I can't hang out with working class people because I'm too brainy. I listen to NPR and watch PBS. I like films in foreign languages with subtitles. I don't end sentences with prepositions. I can't hang out with people who grew up poor or working class but are now middle class because I have some traits they've learned to disdain, and because I'm challenging the system that bestowed privilege onto them. And when I'm in a room full of aware and passionate activists who see race clearly but don't see social class, I see how truly solitary I am.

I realized this weekend that you're my river, pushing me forward. You're my community of support. You're helping me carry this light to the world.

Thank you.

Thank you.

Thank you.

Saturday, October 10, 2009

Quakers & The New Yorker EDITED!

There have been two instances recently when Quakers were mentioned in The New Yorker.
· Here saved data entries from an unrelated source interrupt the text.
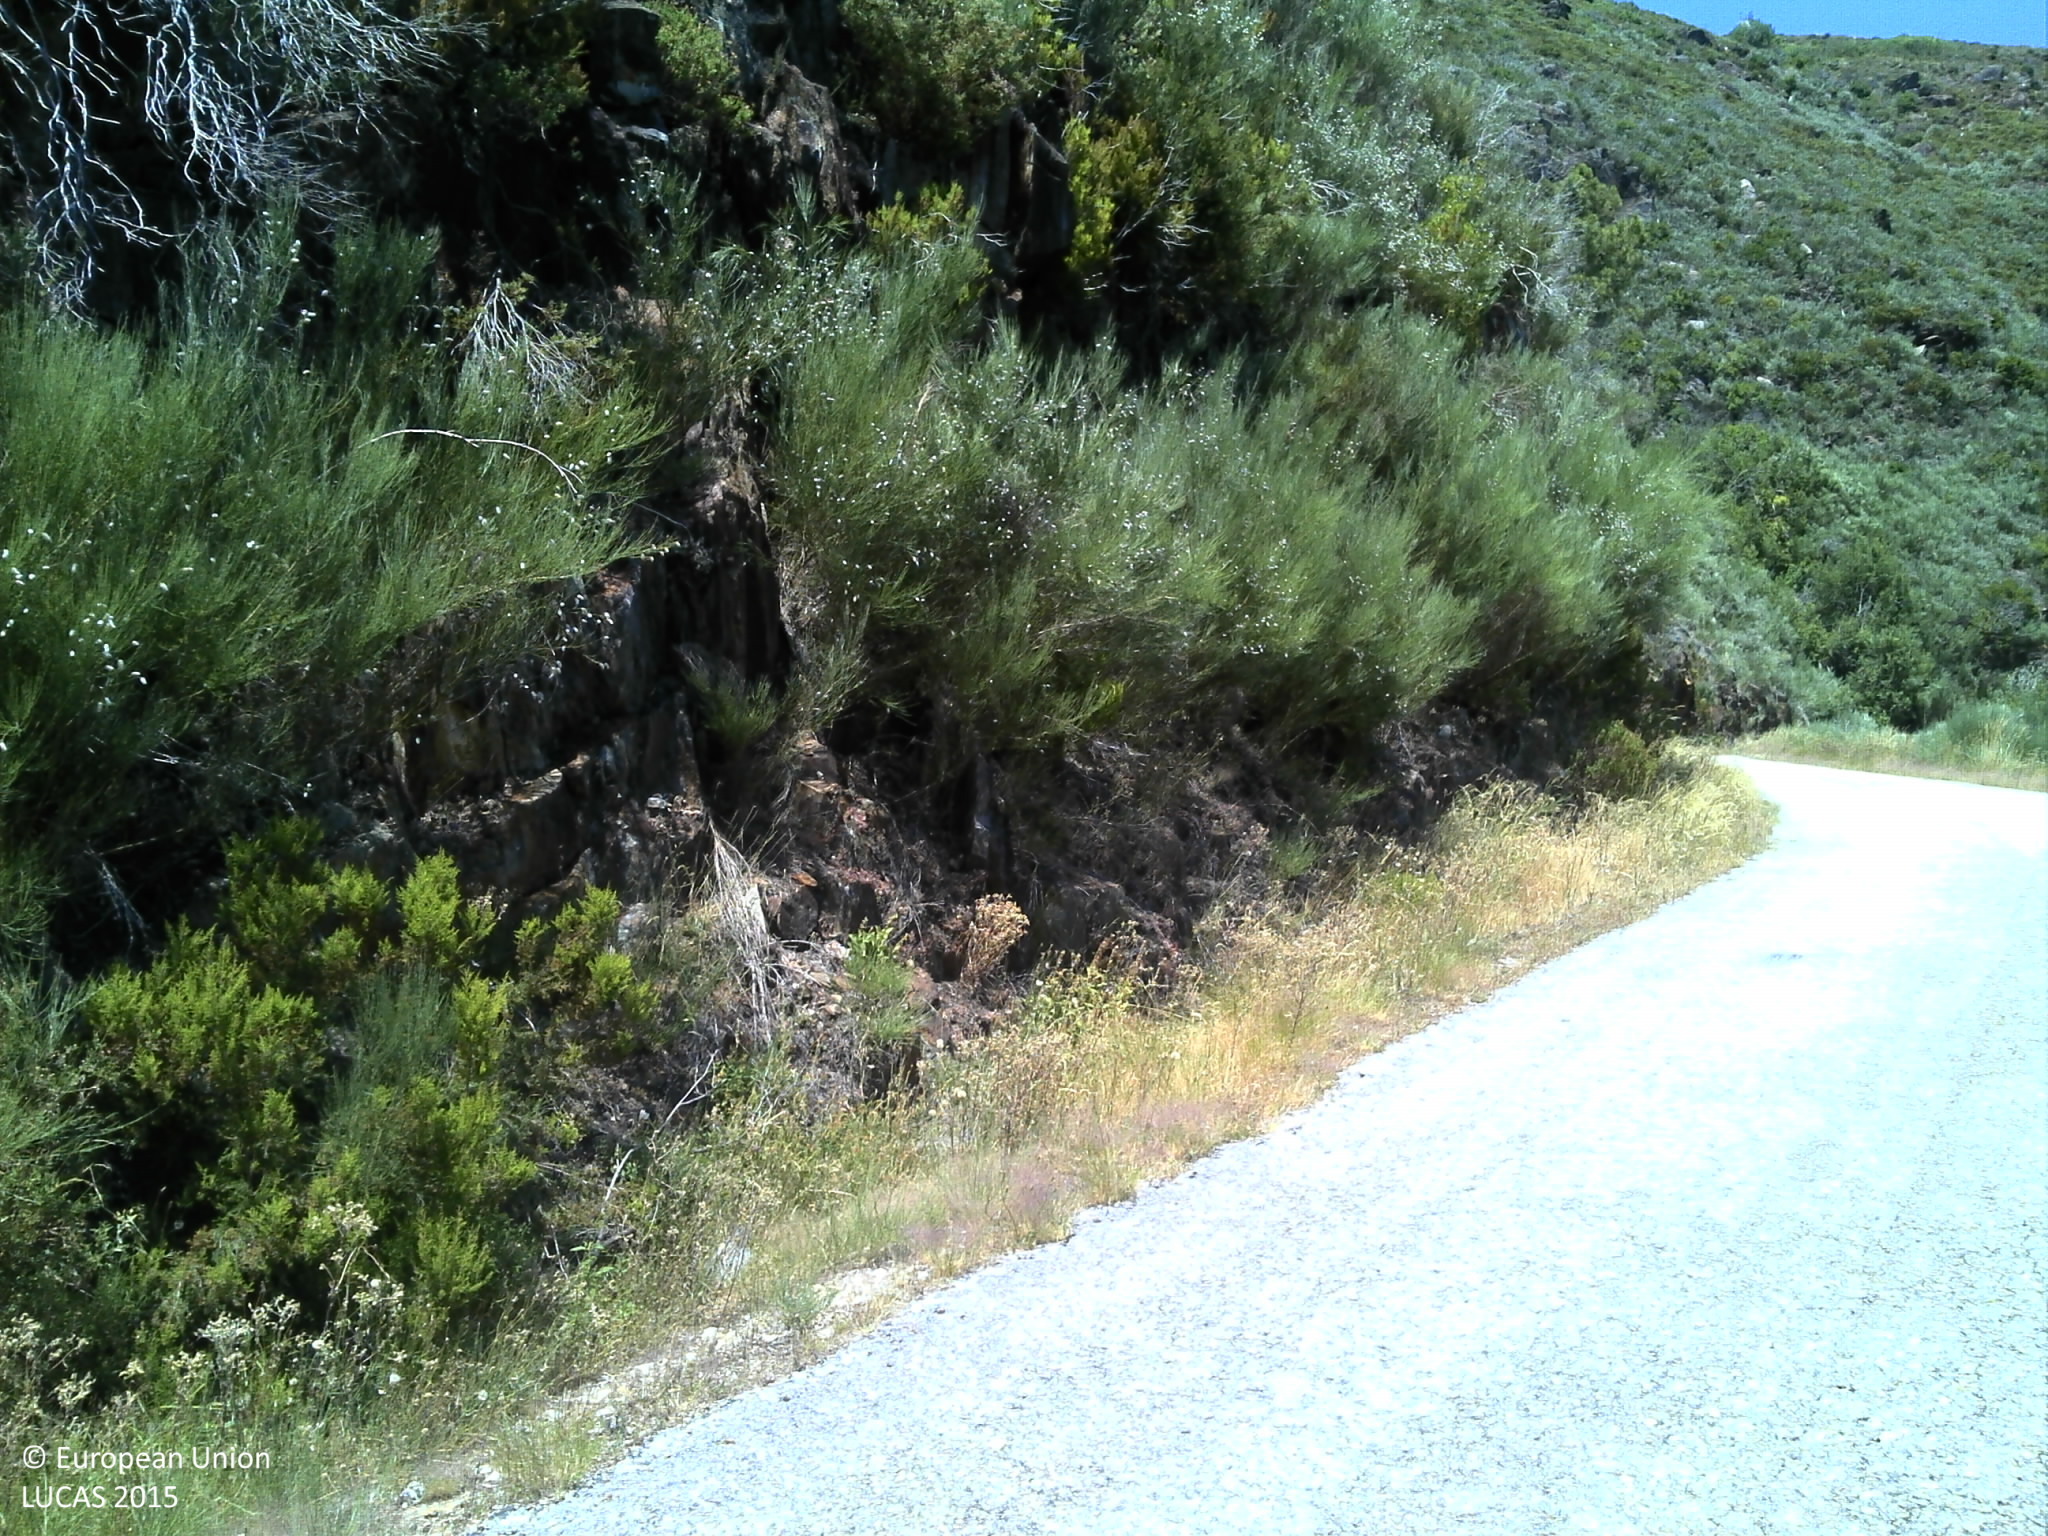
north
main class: Shrubland
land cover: Shrubland without tree cover
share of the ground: > 75 %
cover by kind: shrubs 85 %, unconsolidated bare surface 15 %
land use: Semi-natural and natural areas not in use
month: June
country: PT
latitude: 40.8233
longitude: -8.0954

First there was an article about Carrie Fisher in The Talk of the Town where it mentioned she dated one of the producers of Star Wars, a Quaker named Gary Kurtz. I've wondered for a long time about whether my attraction to Quakerism is connected to my love of Star Wars and its "theology", so I did a little research. Turns out Kurtz had some influence on the series. In an interview here, the author implies as such:

"Mark had said to me that there was a lot of agonizing going on between Gary Kurtz and Lucas over the amount of violence that was in the film. And I think, as I remember correctly, what Hamill was saying was that there was a lot of Quaker influence. Now I don't know whether Lucas was a Quaker or whether it was Gary Kurtz , but there was a spiritual basis for this film and they were concerned that the non-violence message that they were trying to get across was going to be compromised by a lot of the shoot 'em ups that were going on. The reason why I mention this was I think these guys were really very unusual in what they were trying to do with their motion picture making. I think they really had a vision of the world which was pure. They wanted to present some kind of legend looking ahead into the future. It really was some reflection of good vs. evil, not seeing it very simply as good being interior and evil being exterior. We all as human beings are wrestling with it inside ourselves. Like the relationship between Skywalker and Vader. The thing that I really did feel was that there was, going back to what I said earlier, the way in which they handled people in that production, they looked after their people very, very well. To me that's the essence of great leadership and creative ability. I give them full credit. Definitely they were talking about a spiritual dimension and trying to come up with a non-violent message."

I don't think it was the non-violence message that came across to me, but the sense that there's something that connects us all, and if we only quiet our minds and hearts, we can hear it...

Yeah, I know. What does that have to do with social class?

It doesn't. But the next mention does.

In the September 28th issue, Briefly Noted mentions a biography of Elizabeth Cady Stanton by Penn State professor Lori D. Ginzberg. The book apparently makes connections between Cady Stanton, and modern feminism's problems with social class and race.

An abolitionist more out of political convenience than conviction, she not only abandoned the movement for black male suffrage after the Civil War to focus on white women’s suffrage but increasingly made vitriolic attacks on immigrants, the working class, and African-Americans in her writing and speeches. The consequences of Stanton’s racism and élitism were “deep and hurtful,” Ginzberg says, and she attributes the continuing difficulty of incorporating race and class differences into gender politics, in large part, to Stanton’s mixed legacy.

Ginzberg writes about two issues that impact me personally, sexism and classism, and therefore I am most passionate about. I can't wait to read this one. I just hope it's not too heady for me. I found the last New Yorker Briefly Noted book about Quakers too academic and inaccessible

EDIT NOTE: This was a big mistake--Cady Stanton wasn't Quaker!!! Why didn't any of you tell me this? I'd assumed that she was. Mistakenly. Sorry for that.